Niveau européen/local : pour leur part, les institutions devraient contribuer à décentraliser la communication de l'UE vers une dimension locale et régionale afin de rapprocher entre eux les différents niveaux de communication. Le Parlement demande ainsi à la Commission de persévérer dans l’approche de "Communication au niveau local" dans l'optique de rendre l'Union plus visible au niveau local.

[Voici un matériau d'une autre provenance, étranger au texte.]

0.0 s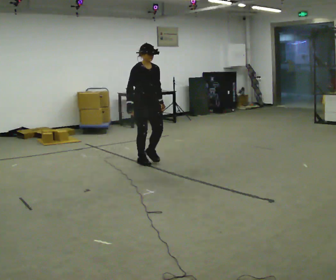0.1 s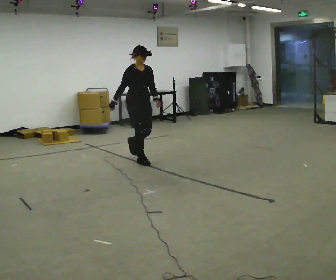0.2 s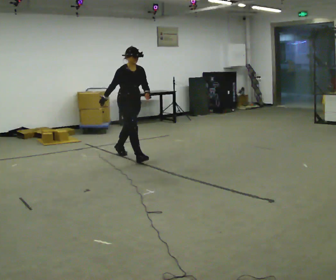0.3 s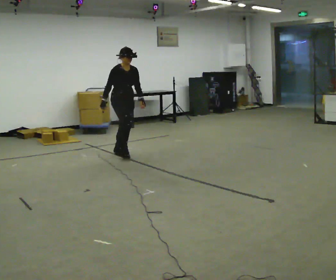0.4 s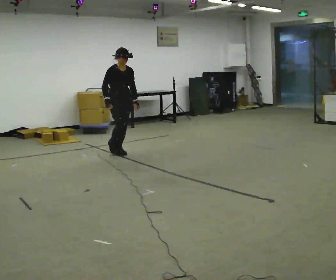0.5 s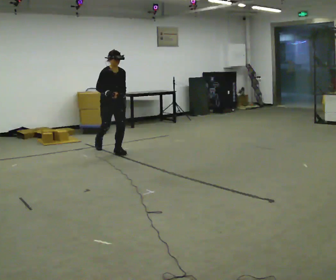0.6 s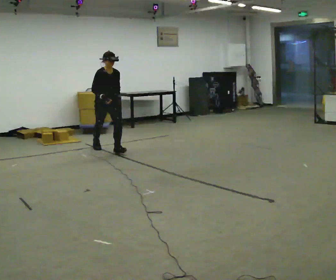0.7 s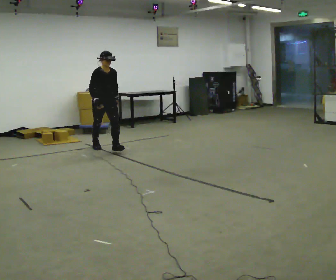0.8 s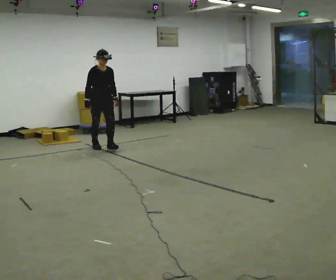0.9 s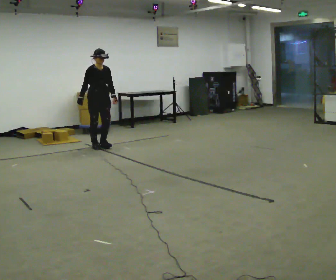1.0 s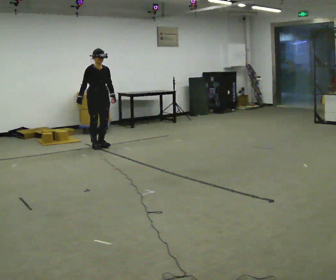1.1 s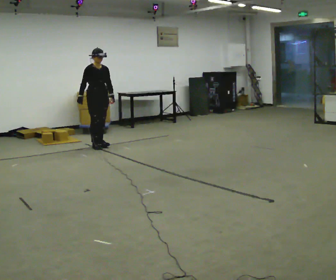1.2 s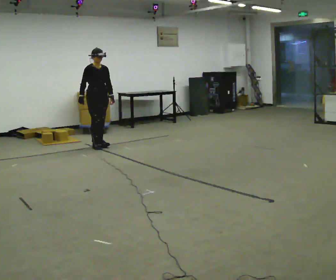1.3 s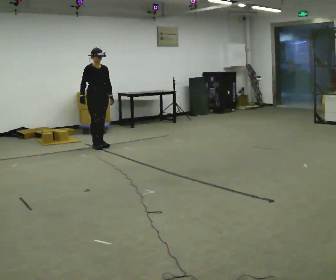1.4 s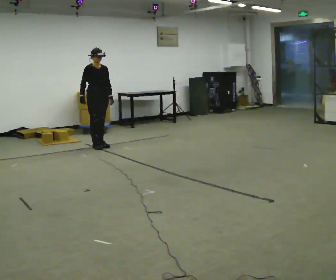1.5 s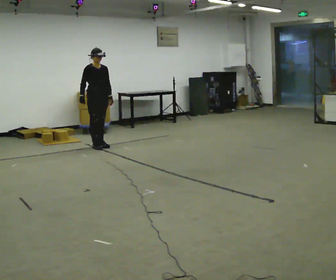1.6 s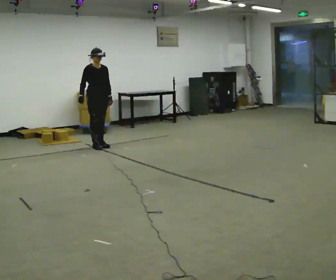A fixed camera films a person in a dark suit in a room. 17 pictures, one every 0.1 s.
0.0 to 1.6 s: In the picture they go away from the camera and to the left, about 1.5 m in 2 steps, which for them is backward.
The film runs backward here.

Parlement européen : la résolution suggère qu'un groupe de travail du Parlement européen soit temporairement mis en place pour analyser les solutions qu'apportent les nouveaux médias et propose des moyens pour créer des liens entre parlements nationaux ou régionaux et Parlement européen. Reconnaissant le rôle toujours plus grand des parlements nationaux et donc des bureaux d’information du PE dans les États membres, la résolution appelle ces derniers à adapter leurs mandats pour qu’ils incluent le renforcement des relations avec les parlements nationaux, les autorités locales et régionales ainsi qu’avec les représentants de la société civile. Les bureaux d'information du PE devraient en outre se tourner vers le niveau local et fournir des informations ciblées sur les décisions et les activités du Parlement à destination du grand public. Dans ce contexte, le Parlement plaide pour une plus grande autonomie des bureaux d'information. La résolution demande par ailleurs une augmentation des lignes budgétaires des bureaux d’information parlementaires, afin, spécifiquement, d'améliorer la communication.

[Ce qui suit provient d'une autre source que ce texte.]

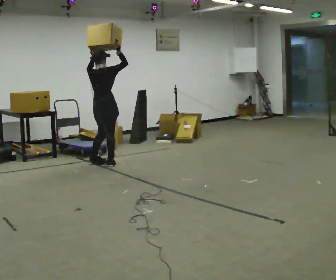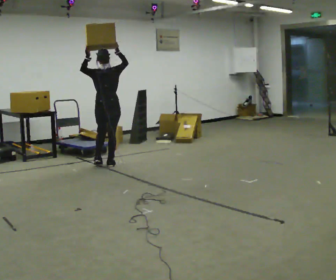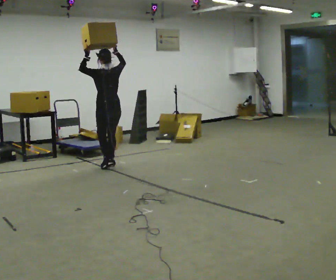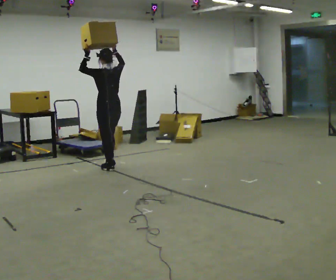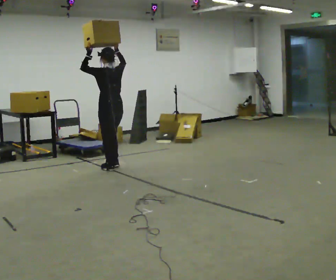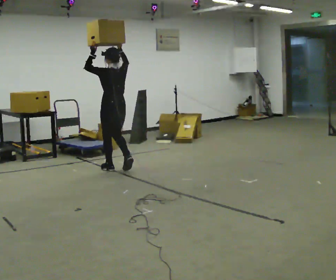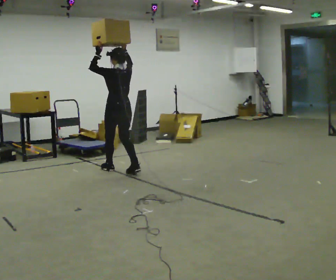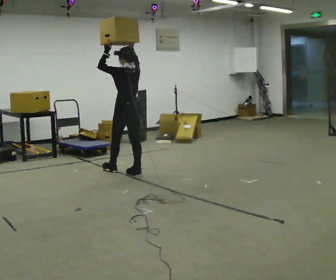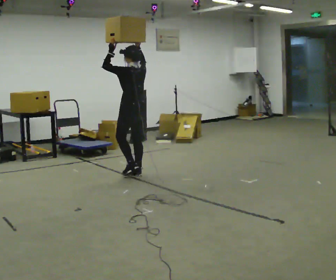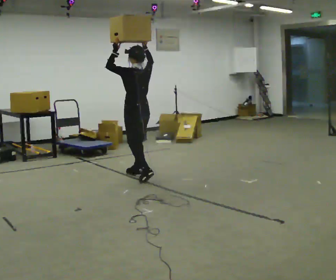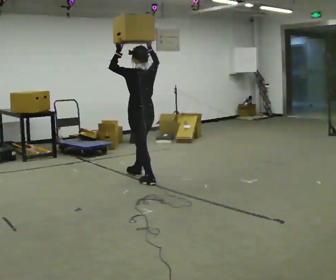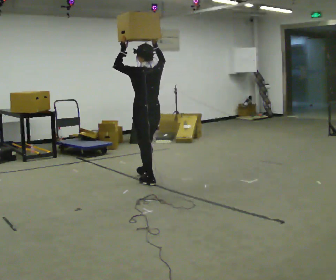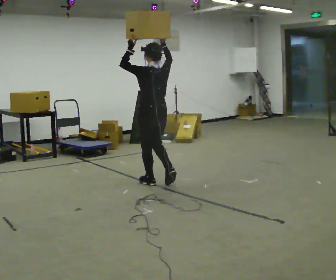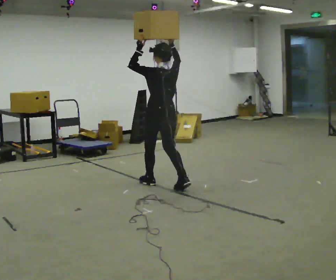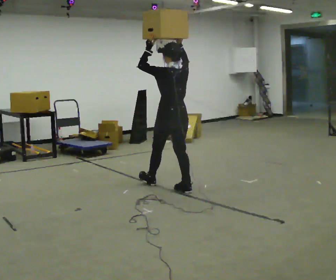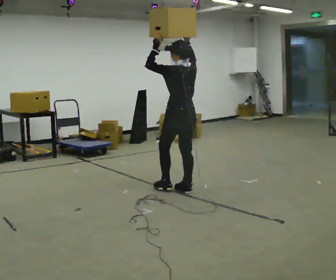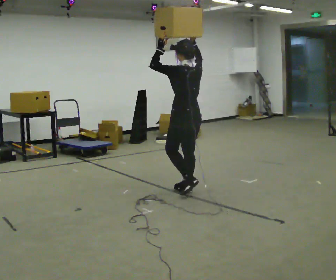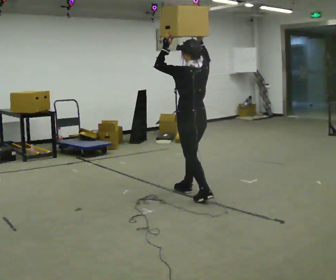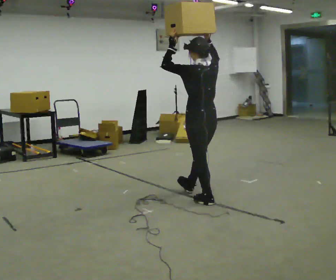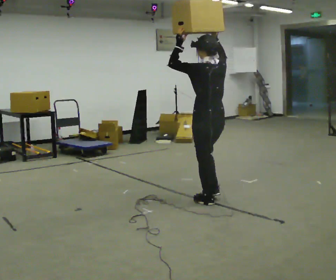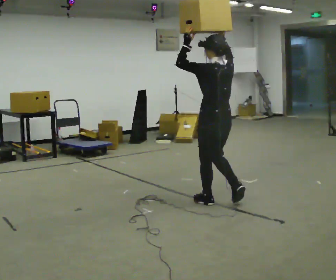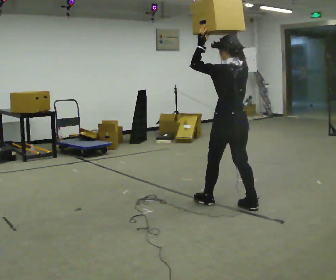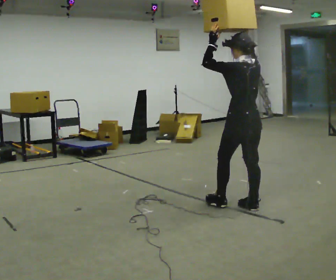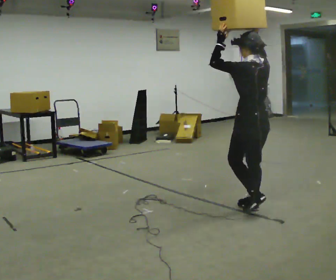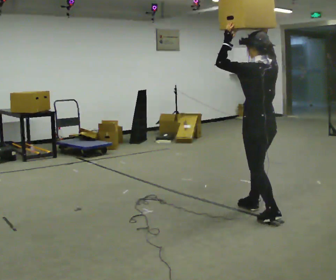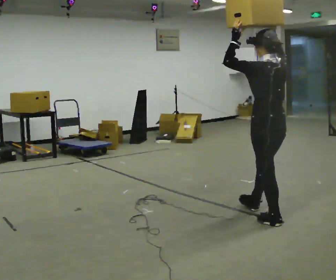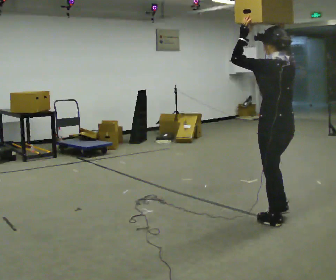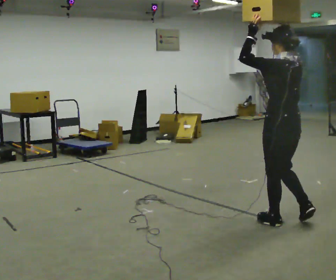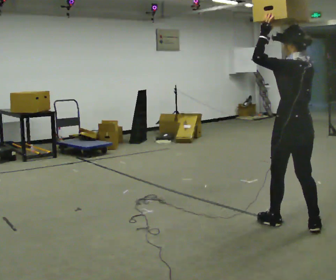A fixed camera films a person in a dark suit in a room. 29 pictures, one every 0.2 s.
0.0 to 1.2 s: The part of the body nearest the lens slides to the right as the person turns to their left by about 75 degrees. In the picture they go toward the camera and to the right, about 0.5 m in 2 steps.
1.2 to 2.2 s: In the picture they go toward the camera and to the right, about 0.75 m in 2 steps, which for them is backward.
2.2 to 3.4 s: In the picture they go toward the camera and to the right, about 0.5 m in 1 step, which for them is backward.
3.4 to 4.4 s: In the picture they go toward the camera and to the right, about 0.75 m in 2 steps, which for them is backward.
4.4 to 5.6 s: In the picture they go toward the camera and to the right, about 0.75 m in 1 step, which for them is backward.
The film runs backward here.

Le Parlement demande au passage que l’on évalue le rapport coûts/bénéfices d’EuroparlTV, sur la base d’une analyse approfondie du résultat et des taux d’audience. De manière générale, le Parlement estime qu'il faudrait améliorer l'efficacité d'EuroparlTV en l'intégrant davantage à la stratégie internet du Parlement, tout en apportant des ajustements concrets à son statut afin de garantir son indépendance éditoriale.

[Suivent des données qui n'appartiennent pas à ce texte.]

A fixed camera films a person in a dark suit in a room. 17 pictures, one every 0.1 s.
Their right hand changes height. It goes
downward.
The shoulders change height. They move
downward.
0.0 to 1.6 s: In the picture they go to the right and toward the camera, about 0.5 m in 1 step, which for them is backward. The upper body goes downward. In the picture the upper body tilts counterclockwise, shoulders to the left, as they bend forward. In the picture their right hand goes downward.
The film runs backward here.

Journalisme et nouveaux médias : la résolution invite les journalistes et les professionnels des médias à travailler ensemble pour échanger et penser collectivement le journalisme européen de demain. Le Parlement insiste sur le fait que les États membres devraient parvenir à se doter de véritables concepts de médias européens qui dépasseraient le stade du simple relai des informations pour s'inscrire dans la diversité culturelle et multilinguistique de l'Union.

Reconnaissant l’intérêt des réseaux sociaux pour une diffusion rapide des informations, la résolution doute que ces derniers puissent offrir les garanties de sérieux que l'on attend de médias professionnels. La résolution souligne que le traitement de l'information sur les plateformes des réseaux sociaux présente des dangers et peuvent entraîner des dérives journalistiques graves. Il convient donc de s'approprier ces nouveaux outils avec prudence. Le Parlement demande en particulier l’élaboration d’un code de conduite pour les nouveaux médias.

La résolution souligne que l'évolution du journalisme ouvre la voie à des médias plus ouverts et plus engagés à l'intention de communautés de plus en plus informées, mais les professions du journalisme doivent rester attentifs aux évolutions permanentes de leurs métiers, profiter des avantages offerts par les réseaux sociaux qui favorisent une sorte de "veille sur la toile", tout en restant vigilants. Face au phénomène irréversible que représentent les réseaux sociaux, le Parlement note que le journalisme conserve toute sa place dans la diffusion de l'actualité, dans la mesure où c'est dans un partenariat avec ces réseaux, source d'une vraie richesse de diversités qu'il peut mener un véritable travail d'investigation et de vérifications pour proposer un nouveau modèle de journalisme participatif et promouvoir l'information. Enfin, la résolution souligne le rôle crucial des journalistes dans la société moderne face à ce flot d'informations. Ils restent en effet les seuls à apporter une valeur ajoutée considérable à l'information grâce à des normes professionnelles et sociales élevées.